Dongnam Ko, Enrique Zuazua. Model predictive control with random batch methods for a guiding problem (2020)
We model, simulate and control the guiding problem for a herd of evaders under the action of repulsive drivers. The problem is formulated in an optimal control framework, where the drivers (controls) aim to guide the evaders (states) to a desired region of the Euclidean space.
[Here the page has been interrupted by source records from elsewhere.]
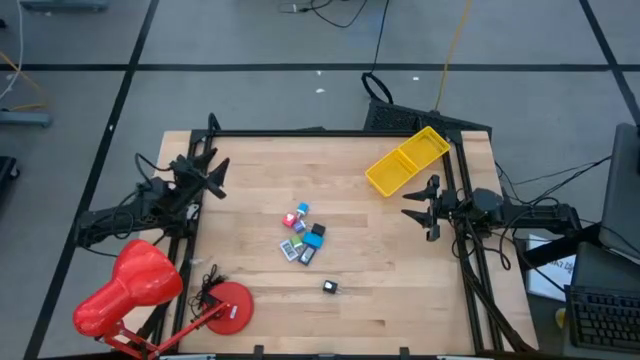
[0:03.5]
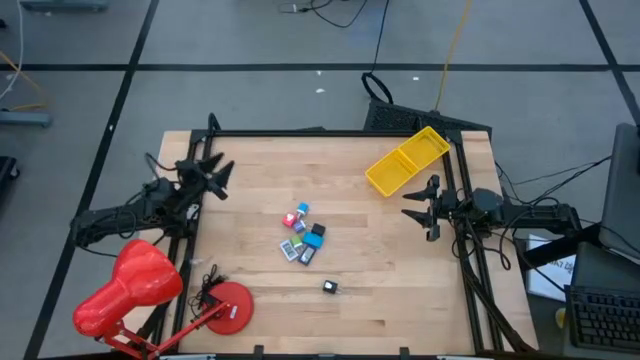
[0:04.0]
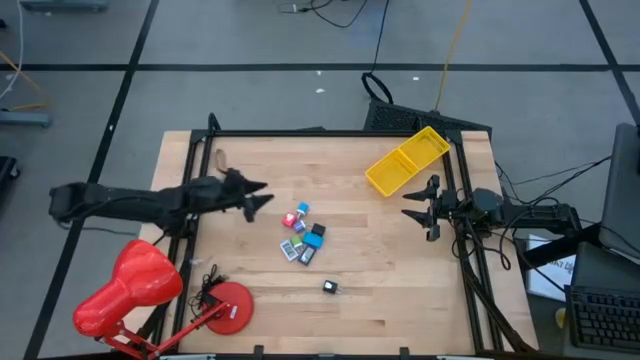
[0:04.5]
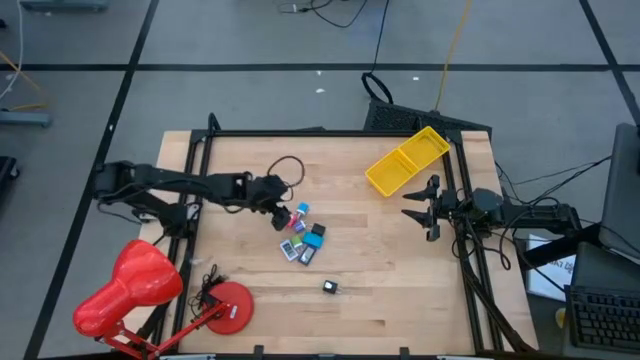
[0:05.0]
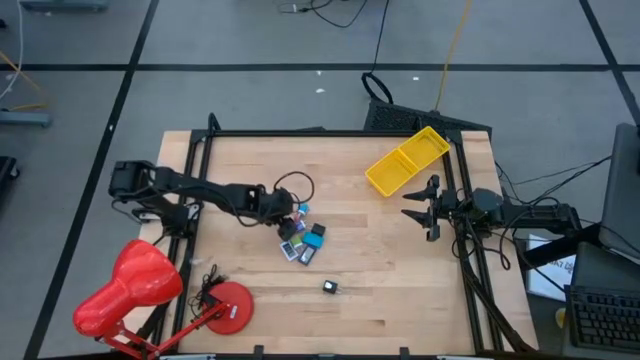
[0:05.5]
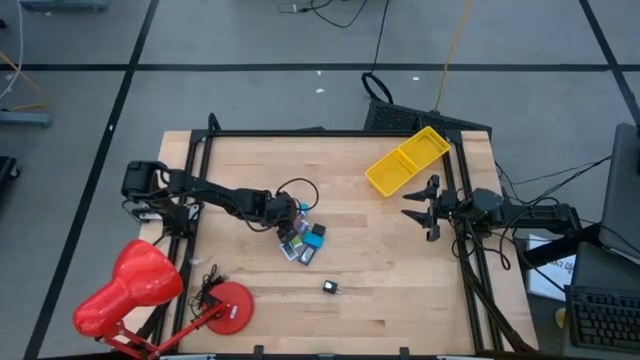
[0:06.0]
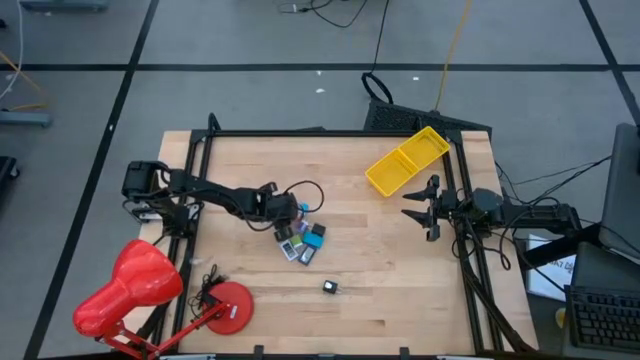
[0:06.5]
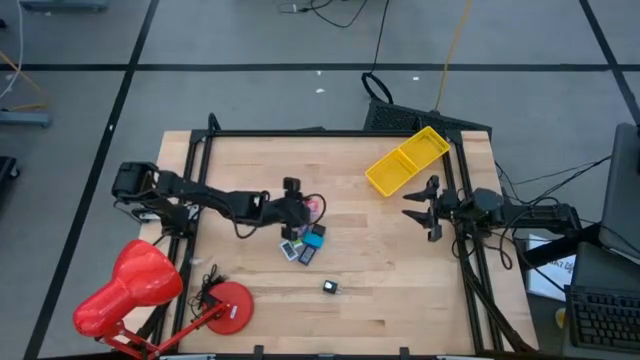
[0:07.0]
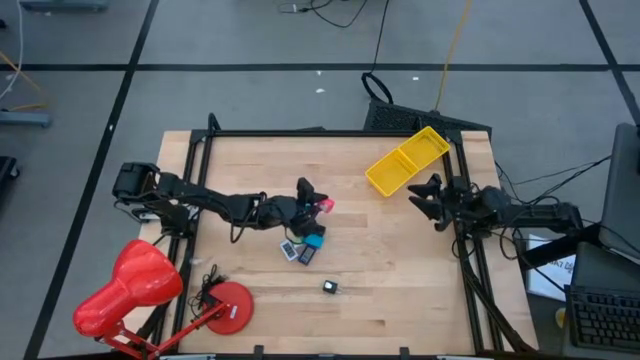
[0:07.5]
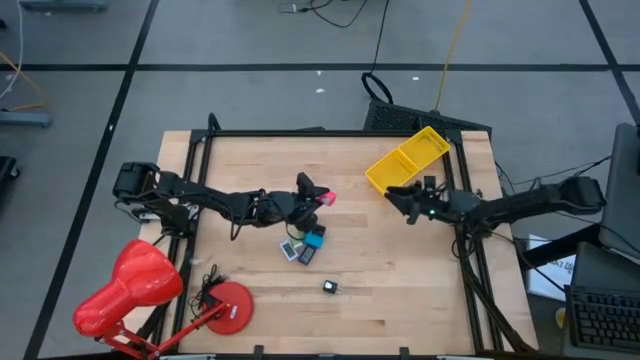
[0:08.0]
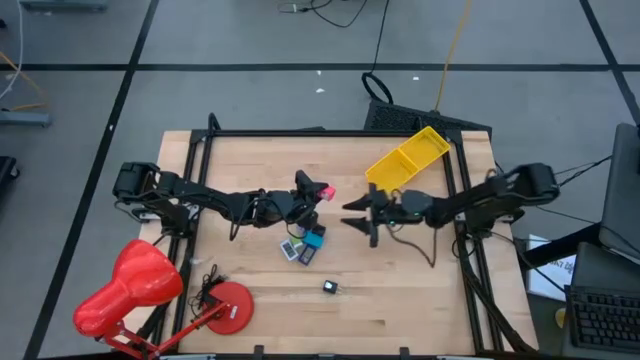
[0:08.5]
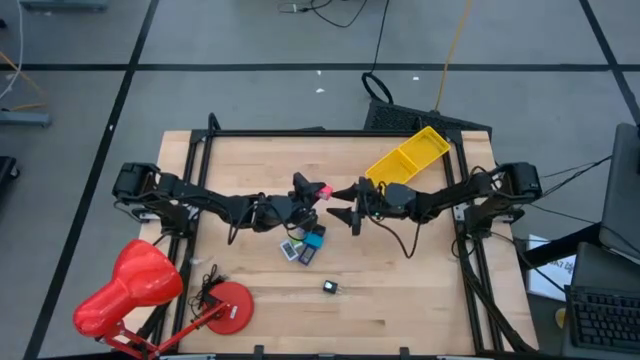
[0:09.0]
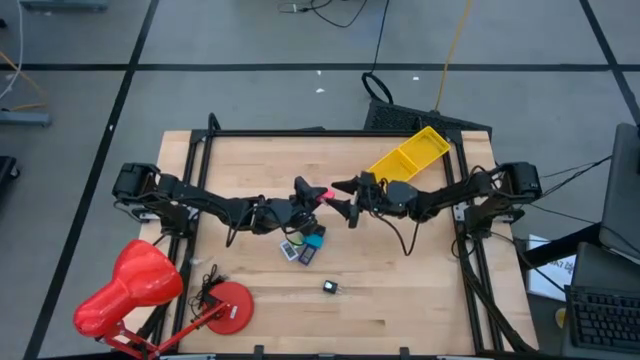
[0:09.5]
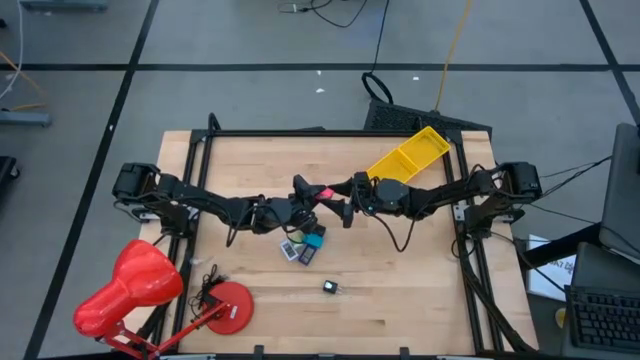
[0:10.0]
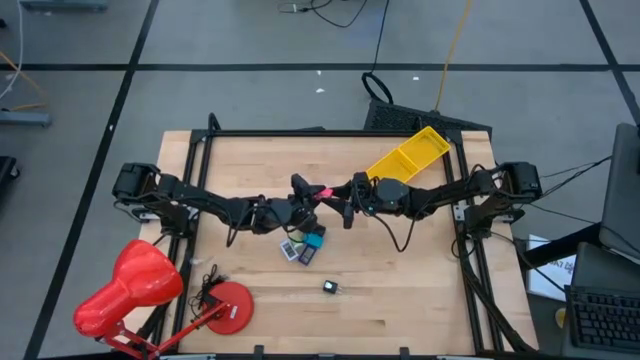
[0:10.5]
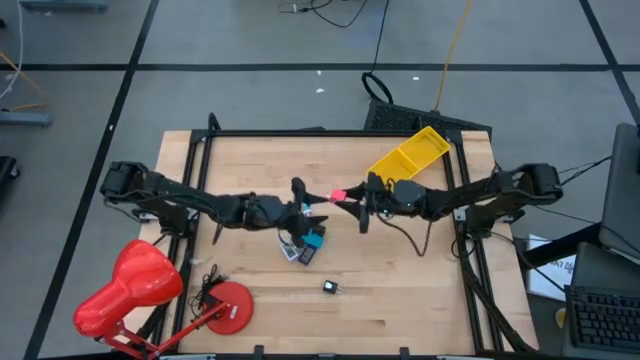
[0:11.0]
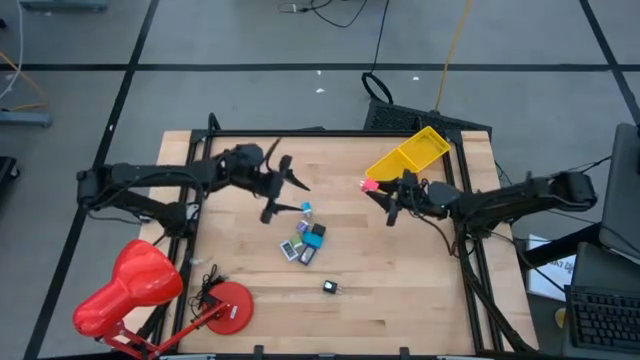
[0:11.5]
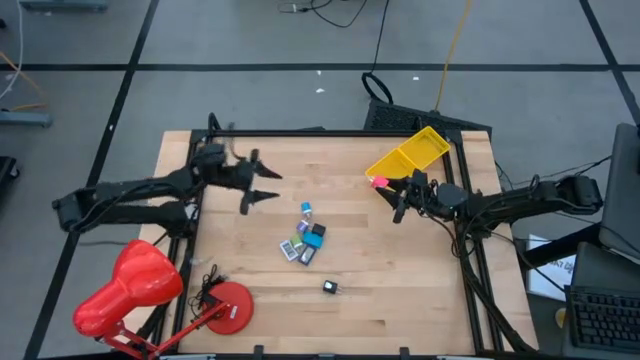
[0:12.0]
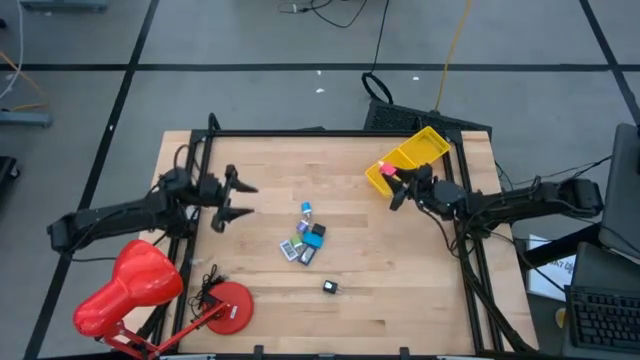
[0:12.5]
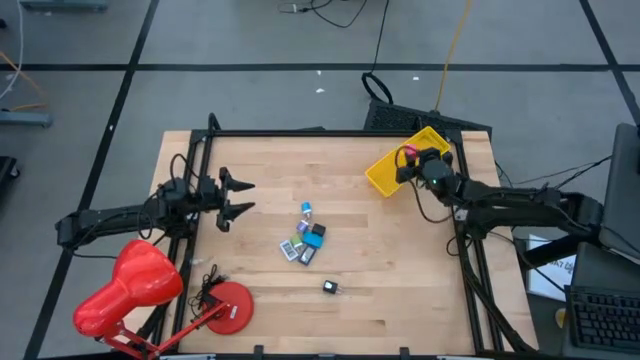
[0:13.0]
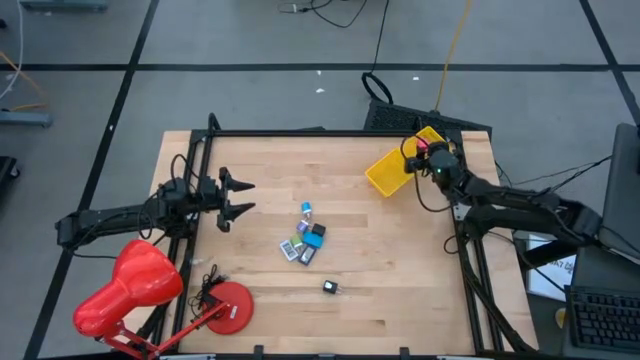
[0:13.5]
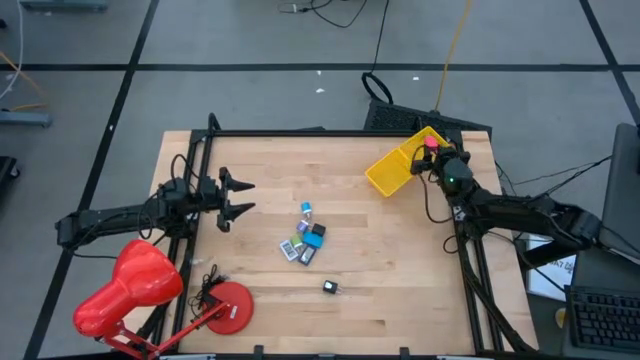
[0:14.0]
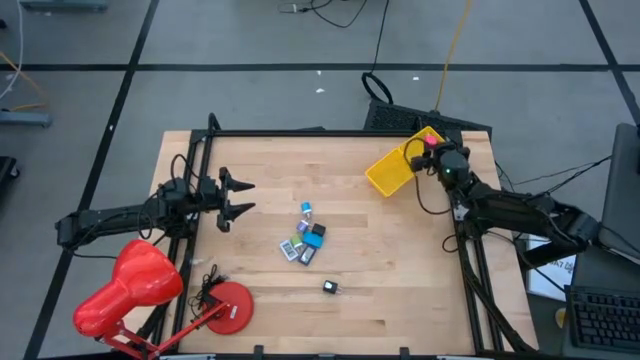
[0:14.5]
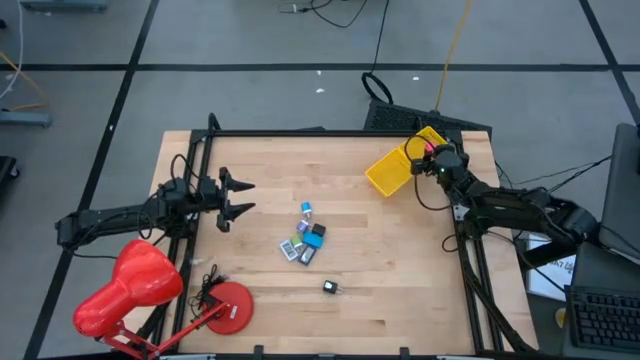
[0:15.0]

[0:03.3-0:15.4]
Task: Pick & Place Office items
Put the pink charger adapter into the top yellow basket

The numerical simulation of such models quickly becomes unfeasible for a large number of interacting agents. To reduce the computational cost, we use the Random Batch Method (RBM), which provides a computationally feasible approximation of the dynamics. At each time step, the RBM randomly divides the set of particles into small subsets (batches), considering only the interactions inside each batch. Due to the averaging effect, the RBM approximation converges to the exact dynamics as the time discretization gets finer. We propose an algorithm that leads to the optimal control of a fixed RBM approximated trajectory using a classical gradient descent. The resulting control is not optimal for the original complete system, but rather for the reduced RBM model. We then adopt a Model Predictive Control (MPC) strategy to handle the error in the dynamics. While the system evolves in time, the MPC strategy consists in periodically updating the state and computing the optimal control over a long-time horizon, which is implemented recursively in a shorter time-horizon. This leads to a semi-feedback control strategy. Through numerical experiments we show that the combination of RBM and MPC leads to a significant reduction of the computational cost, preserving the capacity of controlling the overall dynamics.